Par un jugement n° 2100562 du 8 février 2021, le magistrat désigné par le président du tribunal administratif de Strasbourg a rejeté sa demande.
Procédure devant la cour :
Par une requête enregistrée le 28 juin 2021 M. A..., représenté par Me Berry demande à la Cour :
1°) d'annuler ce jugement du tribunal administratif de Strasbourg du 8 février 2021 ;
2°) d'annuler les arrêtés du 26 janvier 2021 par lesquels la préfète du Bas-Rhin lui a fait obligation de quitter le territoire sans délai de départ volontaire, a fixé le pays de destination, interdiction de retour sur le territoire français pendant une durée d'un an et l'a assigné à résidence ;
3°) d'enjoindre à la préfète du Bas-Rhin de lui délivrer une carte de séjour temporaire dans un délai de quinze jours à compter de la notification de l'arrêt à intervenir sous astreinte de 100 euros par jour de retard ou, à titre subsidiaire, de réexaminer sa situation administrative dans le délai de quinze jours à compter de la notification de l'arrêt à intervenir et de lui délivrer pendant cet examen une autorisation provisoire de séjour, sous la même astreinte ;
4°) de mettre à la charge de l'Etat le versement à son conseil de la somme de 1 500 euros sur le fondement des articles L. 761-1 du code de justice administrative et 37 de la loi du 10 juillet 1991.
Il soutient que :
Sur l'obligation de quitter le territoire français :
- la décision méconnait les dispositions des articles L. 313-11-11° et L. 511-4-10° du code de l'entrée et du séjour des étrangers et du droit d'asile en raison de son état de santé ;
- elle méconnait les stipulations de l'article 8 de la convention européenne de sauvegarde des droits de l'homme et des libertés fondamentales et est entachée d'une erreur manifeste d'appréciation ;
- elle méconnait les stipulations de l'article 3-1 de la convention internationale relative aux droits de l'enfant au motif que ses trois enfants résident en France depuis plus de quatre ans et y sont scolarisés.
Sur la décision refusant un délai de départ volontaire :
- les premiers juges ont omis de statuer sur le moyen tiré de l'erreur manifeste d'appréciation ;
- la décision est dépourvue de base légale en raison de l'illégalité de l'obligation de quitter le territoire français ;
- elle est entachée d'erreur manifeste d'appréciation.
Sur la décision fixant le pays de renvoi :
- elle méconnait les stipulations de l'article 3 de la convention européenne de sauvegarde des droits de l'homme et des libertés fondamentales et les dispositions de l'article L. 513-2 du code de l'entrée et du séjour des étrangers et du droit d'asile.
Sur l'interdiction de retour sur le territoire français d'une durée d'un an :
- la décision est dépourvue de base légale en raison de l'illégalité de l'obligation de quitter le territoire français ;
- elle méconnait les dispositions de l'article L. 511-1-III du code de l'entrée et du séjour des étrangers et du droit d'asile et entachée d'erreur manifeste dans l'appréciation des conséquences de la décision sur sa situation personnelle.

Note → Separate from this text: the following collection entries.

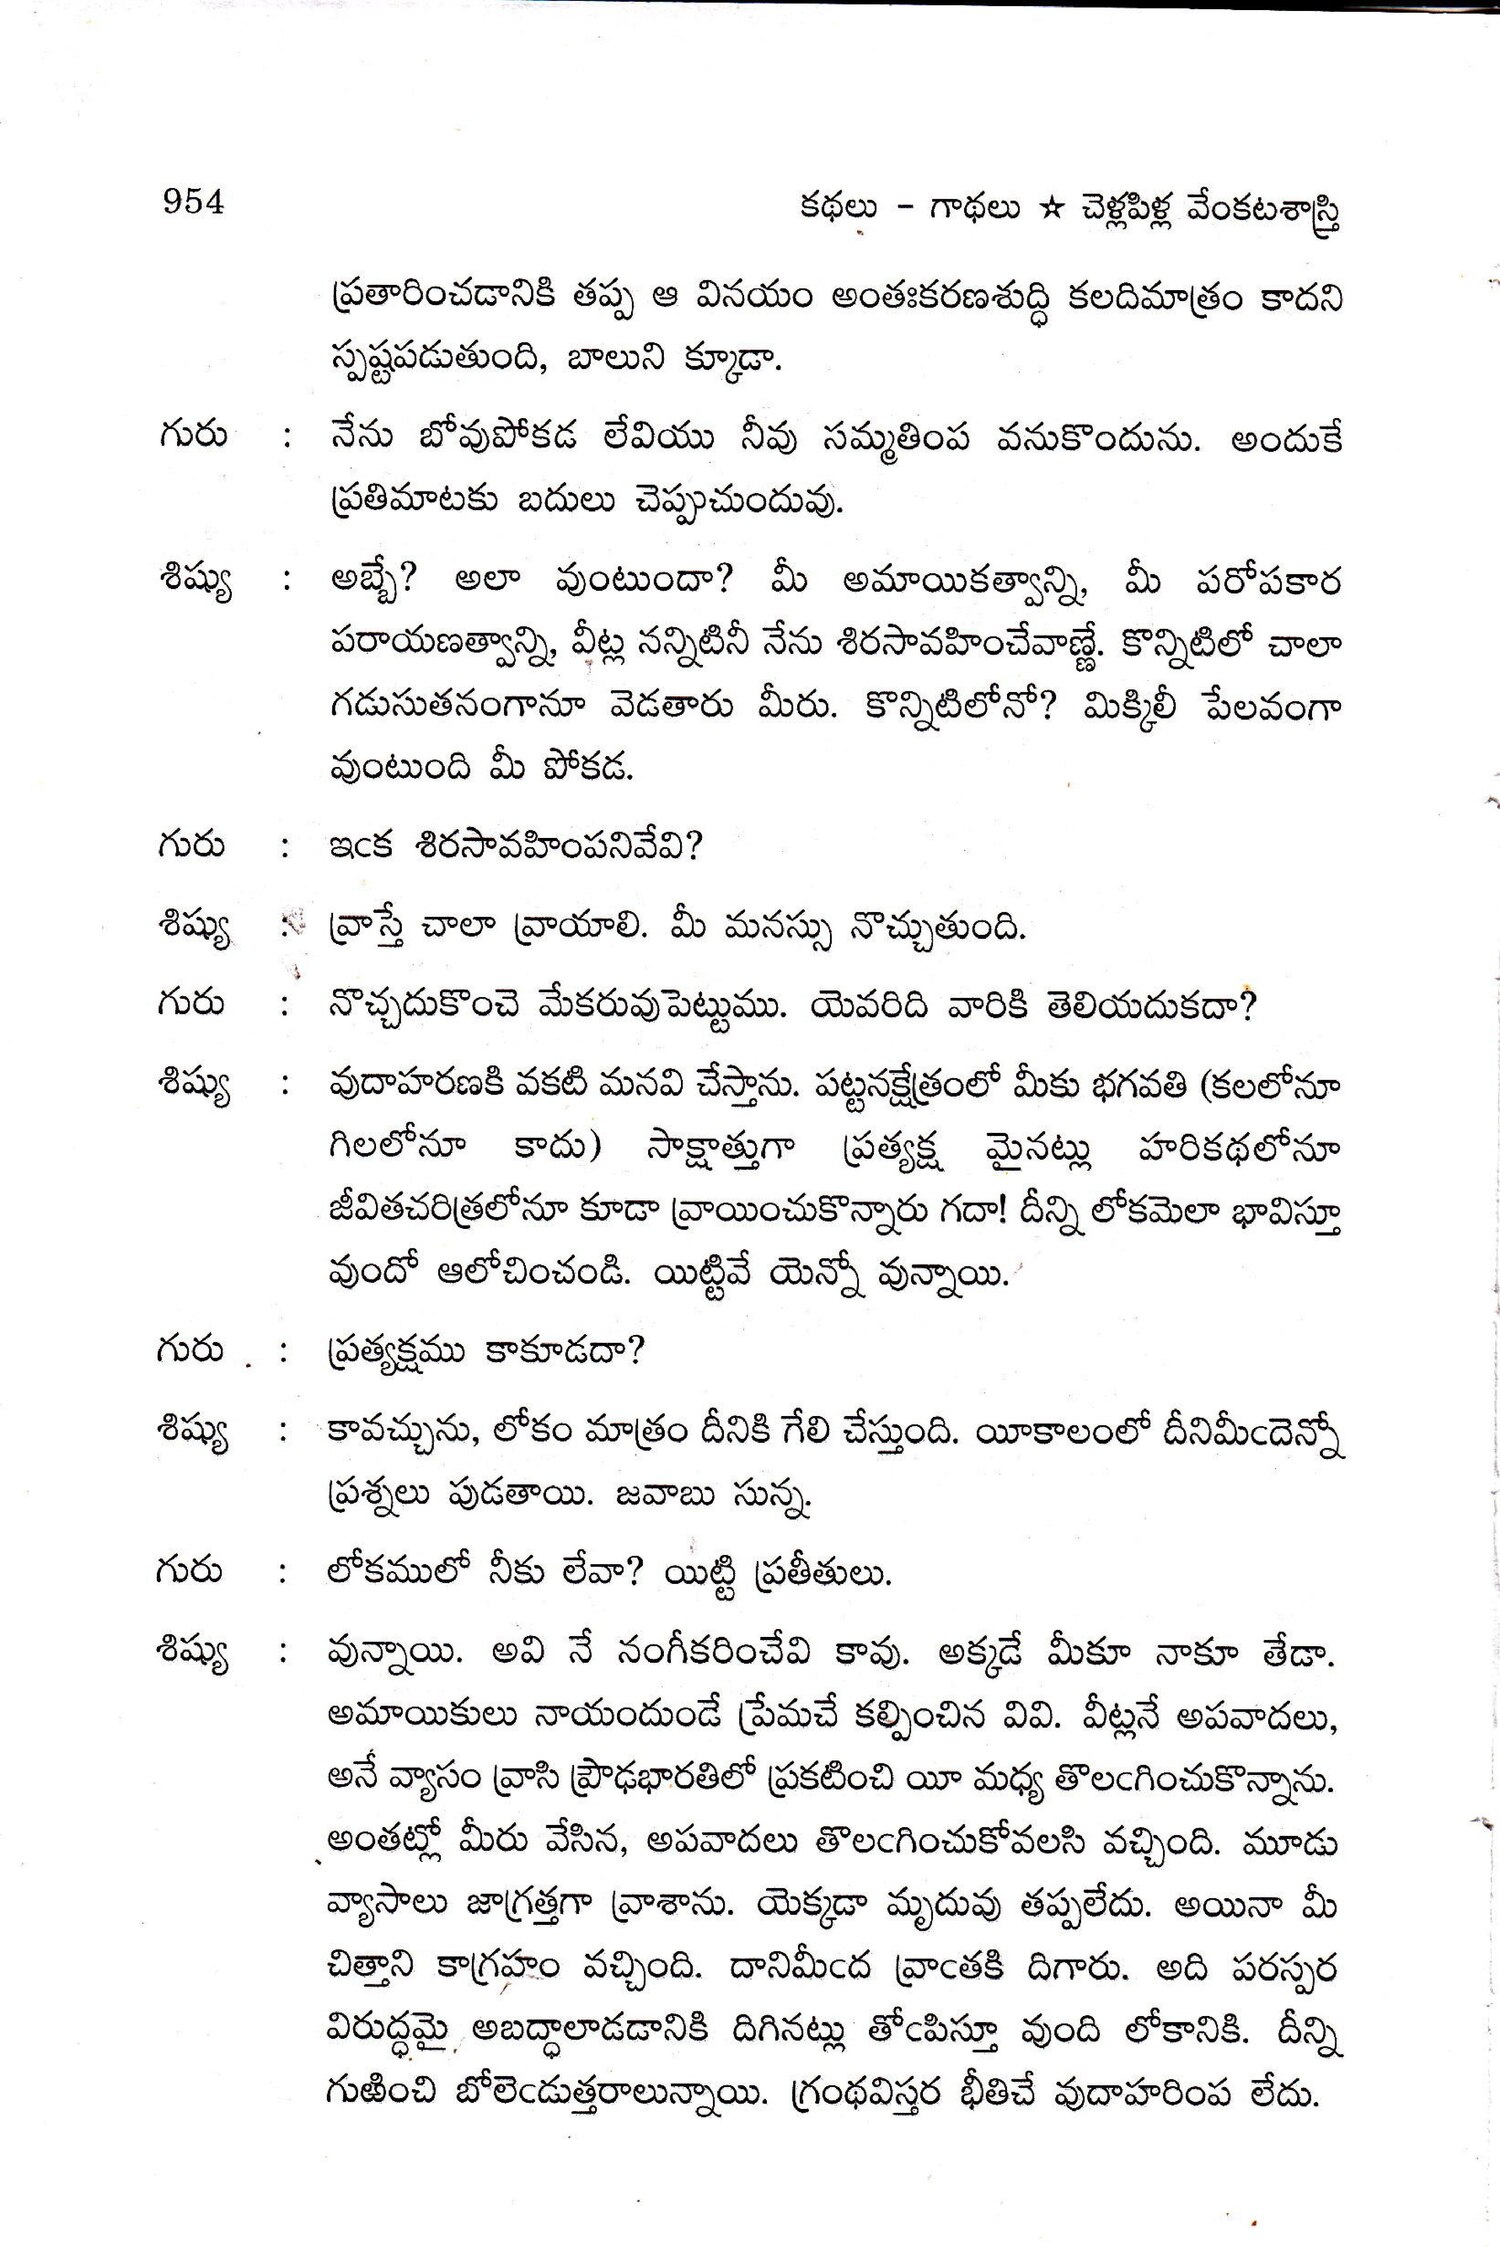ప్రతారించడానికి తప్ప ఆ వినయం అంతఃకరణశుద్ధి కలదిమాత్రం కాదని స్పష్టపడుతుంది, బాలుని క్కూడా.

గురు : నేను బోవుపోకడ లేవియు నీవు సమ్మతింప వనుకొందును. అందుకే ప్రతిమాటకు బదులు చెప్పచుందువు.

శిష్యు : అబ్బే? అలా వుంటుందా? మీ అమాయికత్వాన్ని మీ పరోపకార పరాయణత్వాన్ని వీట్ల నన్నిటినీ నేను శిరసావహించేవాణ్ణే. కొన్నిటిలో చాలా గడుసుతనంగానూ వెడతారు మీరు. కొన్నిటిలోనో? మిక్కిలీ పేలవంగా వుంటుంది మీ పోకడ. 

గురు : ఇఁక శిరసావహింపనివేవి?

శిష్యు : వ్రాస్తే చాలా వ్రాయాలి. మీ మనస్సు నొచ్చుతుంది. 

గురు : నొచ్చదుకొంచె మేకరువుపెట్టుము. యెవరిది వారికి తెలియదుకదా?

శిష్యు : వుదాహరణకి వకటి మనవి చేస్తాను. పట్టనక్షేత్రంలో మీకు భగవతి (కలలోనూ గిలలోనూ కాదు) సాక్షాత్తుగా ప్రత్యక్ష మైనట్లు హరికథలోనూ జీవితచరిత్రలోనూ కూడా వ్రాయించుకొన్నారు గదా! దీన్ని లోకమెలా భావిస్తూ
వుందో ఆలోచించండి. యిట్టివే యెన్నో వున్నాయి.

గురు : ప్రత్యక్షము కాకూడదా? 

శిష్యు : కావచ్చును, లోకం మాత్రం దీనికి గేలి చేస్తుంది. యీకాలంలో దీనిమీఁదెన్నో ప్రశ్నలు పుడతాయి. జవాబు సున్న 

గురు : లోకములో నీకు లేవా? యిట్టి ప్రతీతులు. 

శిష్యు : వున్నాయి. అవి నే నంగీకరించేవి కావు. అక్కడే మీకూ నాకూ తేడా. అమాయికులు నాయందుండే ప్రేమచే కల్పించిన వివి. వీట్లనే అపవాదలు, అనే వ్యాసం వ్రాసి ప్రౌఢభారతిలో ప్రకటించి యీ మధ్య తొలఁగించుకొన్నాను.
అంతట్లో మీరు వేసిన, అపవాదలు తొలఁగించుకోవలసి వచ్చింది. మూడు వ్యాసాలు జాగ్రత్తగా వ్రాశాను. యెక్కడా మృదువు తప్పలేదు. అయినా మీ చిత్తాని కాగ్రహం వచ్చింది. దానిమీఁద వ్రాఁతకి దిగారు. అది పరస్పర విరుద్ధమై అబద్ధాలాడడానికి దిగినట్లు తోఁపిస్తూ వుంది లోకానికి. దీన్ని గుఱించి బోలెఁడుత్తరాలున్నాయి. గ్రంథవిస్తర భీతిచే వుదాహరింప లేదు.

Sur l'assignation à résidence :
- la décision est dépourvue de base légale en raison de l'illégalité de l'obligation de quitter le territoire français.
La requête a été communiquée à la préfète du Bas-Rhin qui n'a pas présenté de mémoire en défense.
M. A... a été admis au bénéfice de l'aide juridictionnelle totale par une décision en date du 25 mai 2021.
Vu les autres pièces du dossier.
Vu :
- la convention européenne de sauvegarde des droits de l'homme et des libertés fondamentales ;
- la convention internationale relative aux droits de l'enfant ;
- le code de l'entrée et du séjour des étrangers et du droit d'asile ;
- la loi n° 91-647 du 10 juillet 1991 ;
- le code de justice administrative.
Les parties ont été régulièrement averties du jour de l'audience.
La présidente de la formation de jugement a dispensé la rapporteure publique, sur sa proposition, de prononcer des conclusions à l'audience.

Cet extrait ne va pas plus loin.